While the high multiplication of proteins harboring the “HECT, E3 ubiquitin ligase catalytic domain” (IPR035983) was observed in T. coccineum (Table 6) (as is the case in T. cinerariifolium), low multiplication was seen for proteins containing “RCHY, zinc-ribbon” (IPR039512), a domain that is contained in the RING-finger-type E3 ubiquitin ligases (Table 7). These results suggested that genes encoding the HECT-type E3 ubiquitin ligases are multiplied in the T. coccineum genome, while genes encoding the RING-finger-type E3 ubiquitin ligases are not.
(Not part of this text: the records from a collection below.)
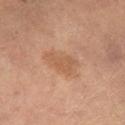follow-up = imaged on a skin check; not biopsied | acquisition = 15 mm crop, total-body photography | lighting = cross-polarized illumination | subject = male, in their mid-60s.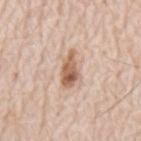Assessment: Captured during whole-body skin photography for melanoma surveillance; the lesion was not biopsied. Background: A lesion tile, about 15 mm wide, cut from a 3D total-body photograph. The subject is a male aged approximately 80. The lesion is on the mid back.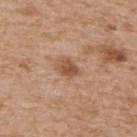| field | value |
|---|---|
| biopsy status | imaged on a skin check; not biopsied |
| body site | the upper back |
| size | about 2.5 mm |
| image-analysis metrics | two-axis asymmetry of about 0.25; a border-irregularity index near 2/10, internal color variation of about 3.5 on a 0–10 scale, and radial color variation of about 1.5; lesion-presence confidence of about 100/100 |
| imaging modality | 15 mm crop, total-body photography |
| subject | male, aged 63–67 |

Investigation of the biological significance of this apparent imbalance in the amplification of E3 ubiquitin ligase-encoding genes awaits further study.
Similarly, genes encoding proteins containing the “Signal transduction histidine kinase, dimerization/ phosphoacceptor domain” (IPR036097) are multiplied in T. cinerariifolium, but not in the T. coccineum genome (Table 8). In planta, histidine kinases are involved in responding to environmental stimuli, including sunlight, plant hormones, and ethylene. A. thaliana ethylene receptor 1 (AtETR1) is a typical gas-induced histidine kinase that possesses both a HATPase (histidine kinase-like ATPase) domain and a REC (phosphoacceptor receiver) domain29. We surveyed the histidine kinase-encoding genes of T. coccineum and T. cinerariifolium for the presence of HATPase and REC domains; data for the number of genes containing each domain are presented as Venn diagrams in Fig. 6A. The number of genes encoding both HATPase and REC domains were 13 and 38 for T. coccineum and T. cinerariifolium, respectively. A molecular phylogenetic tree of the predicted histidine kinase proteins is presented in Fig. 6B; the AtETR1 protein is indicated, as are clusters for the 5 and 4 paralogs found in T. cinerariifolium and T. coccineum, respectively. Comparative analysis detected not only orthologous clusters but also the apparent multiplication of a T. cinerariifolium-specific single-genus cluster (Fig. 6B, green).
Our previous study implicated a gas-induced histidine kinase in the VOC-mediated regulation of pyrethrin production in T. cinerariifolium2. The present study also suggested a correlation between the extent of pyrethrin production and the number of histidine kinase proteins in T. cinerariifolium and T. coccineum. These results suggested that T. cinerariifolium have acquired a gas (i.e., VOC) -induced pyrethrin production system via species-specific multiplication of histidine kinase-encoding genes. Investigation of the functional relationship between histidine kinases and VOC-induced pyrethrin production is underway.